Dr Gilbert says that for him, the most interesting part of de-extinction is the research it’s based on. By taking elephant cells and trying to create a mammoth, the scientists are essentially trying to turn one animal into another animal, he notes — itself a wild concept.
Some de-extinction projects aren’t even using genetic engineering at all. A project in South Africa, for example, is trying to recreate the quagga — a type of zebra hunted to oblivion in the 19th century — by selectively breeding other zebras to create an animal that looks like the quagga.
“If it looks like a passenger pigeon, behaves like a passenger pigeon, you know — it’s a passenger pigeon,” Mr Novak says, referencing the old saw about ducks.
“But, of course, there are 300 types of ducks in the world. And geese look like ducks, and they’re not ducks,” Mr Novak adds. “We know there’s subtlety to that, we will always know that the new passenger pigeons are not the original passenger pigeons.”
Yet from an ecological perspective, that distinction doesn’t matter, he says.
“If it functions and does well in the ecosystem, I’m happy to say that we’ve recreated the passenger pigeon,” Mr Novak says.
Dr Gilbert also points out that if the public believes extinct species can simply be resurrected, that could create problems for currently endangered — but not yet extinct — species.
Suppose some mining company wanted to dig up a huge section of the Amazon rainforest, he suggests. Companies are often barred from ripping apart an ecosystem like that because people understand that many species will go extinct if we destroy their habitats, he adds.
If people think we can flip a switch and bring animals back from the dead, they might be less motivated by these concerns, Dr Gilbert surmises.

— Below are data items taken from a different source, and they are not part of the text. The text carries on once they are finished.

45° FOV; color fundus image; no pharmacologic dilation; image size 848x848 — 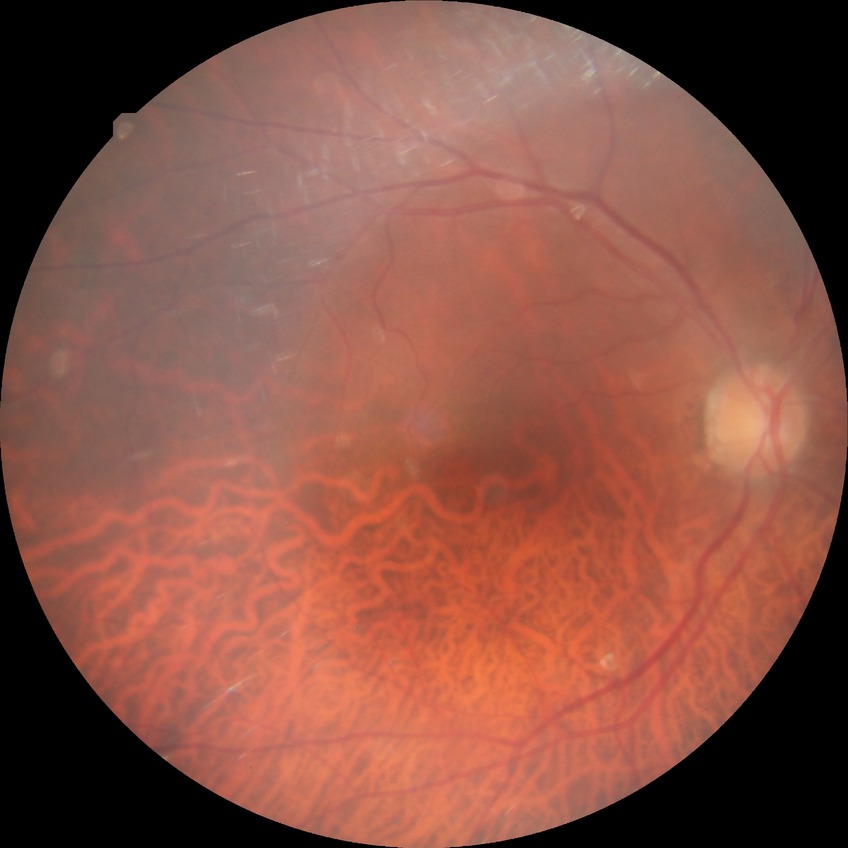

diabetic retinopathy severity = no diabetic retinopathy.
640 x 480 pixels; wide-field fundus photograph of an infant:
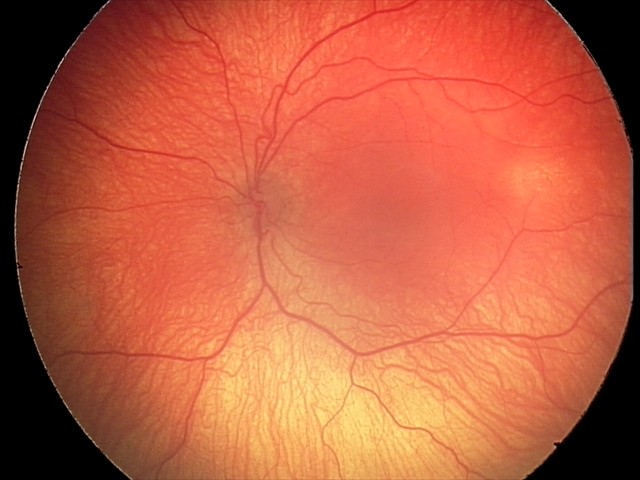
Without plus disease.
Series diagnosed as retinopathy of prematurity stage 2 — ridge with height and width at the demarcation line.
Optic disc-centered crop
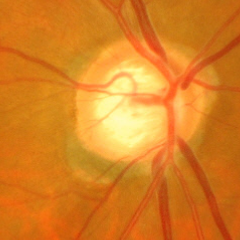 Showing early glaucomatous changes.
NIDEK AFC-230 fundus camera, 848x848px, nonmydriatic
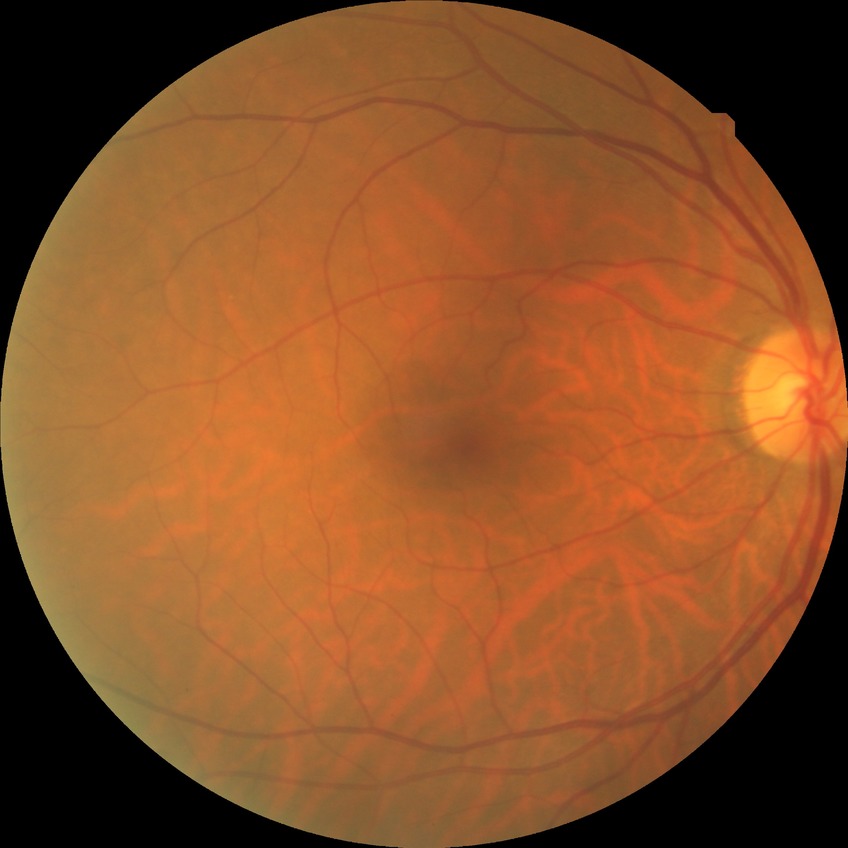 {
  "davis_grade": "no diabetic retinopathy"
}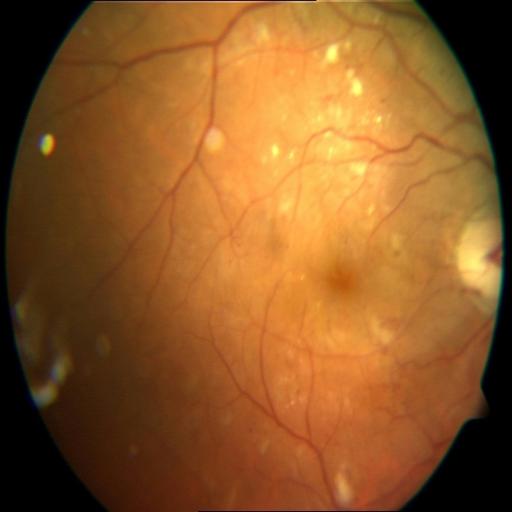

Pathology:
- cotton wool spots
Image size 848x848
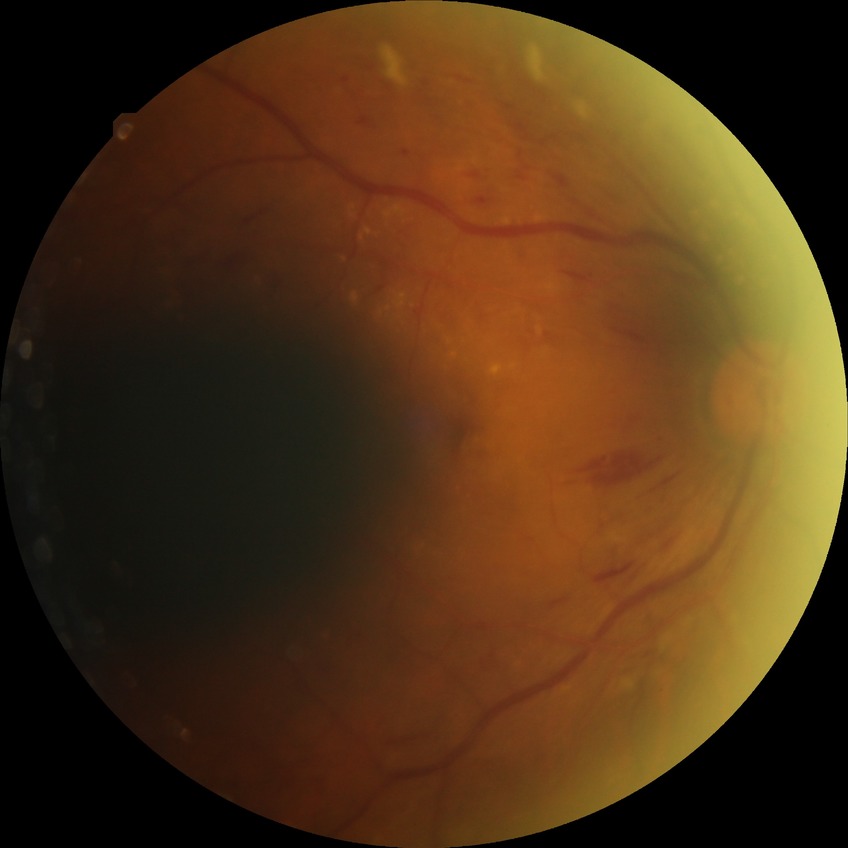

Diabetic retinopathy (DR) is pre-proliferative diabetic retinopathy (PPDR).
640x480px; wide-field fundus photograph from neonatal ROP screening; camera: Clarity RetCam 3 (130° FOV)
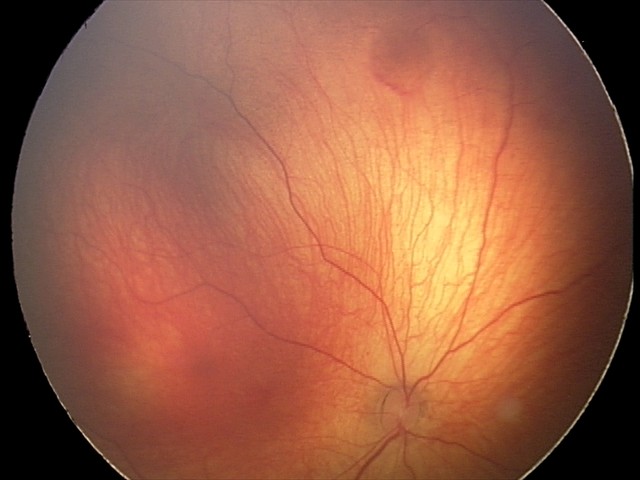

Diagnosis from this screening exam: retinal hemorrhages.
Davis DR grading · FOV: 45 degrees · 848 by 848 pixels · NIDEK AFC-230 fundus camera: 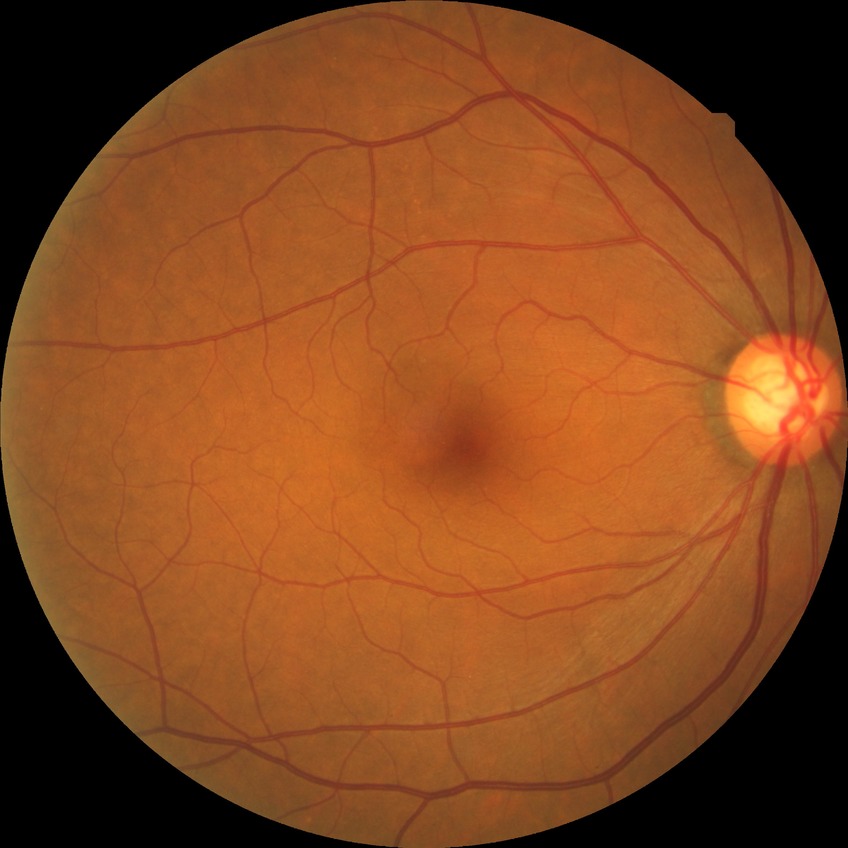 diabetic retinopathy (DR)@no diabetic retinopathy (NDR).

That could be especially true if people don’t understand that “de-extinction” — at least in its current form — is massively time- and money-intensive and has yet to be truly successful for any singular species, let alone the thousands of species you might lose by cutting down the rainforest.
Mr Lamm said this was more of “an education problem”. He also notes that some of Colossal’s research — including on things like in vitro fertilization and disease treatments in elephants — could be applied to modern-day animals.
And the same argument about public perception could be made for animals kept in captivity, Mr Novak argues. “It’s literally the most negligible concern over all this,” he says.
In another sense, Mr Novak says, that argument is just the continuation of the challenge wildlife conservationists have been facing for decades.
“De-extinction is the extension of something that conservation has been doing for nearly 200 years,” he says.
In ecosystems around the world, conservationists have restored long-lost wildlife to the ecosystem — like wolves in Yellowstone National Park or beavers in Europe. The only difference is that none of these species had been entirely extinct – and whether we can make that leap remains to be seen.
“For me, it’s always been a conservation-, ecological restoration-driven discipline,” he says. “And will remain that way the rest of my life.”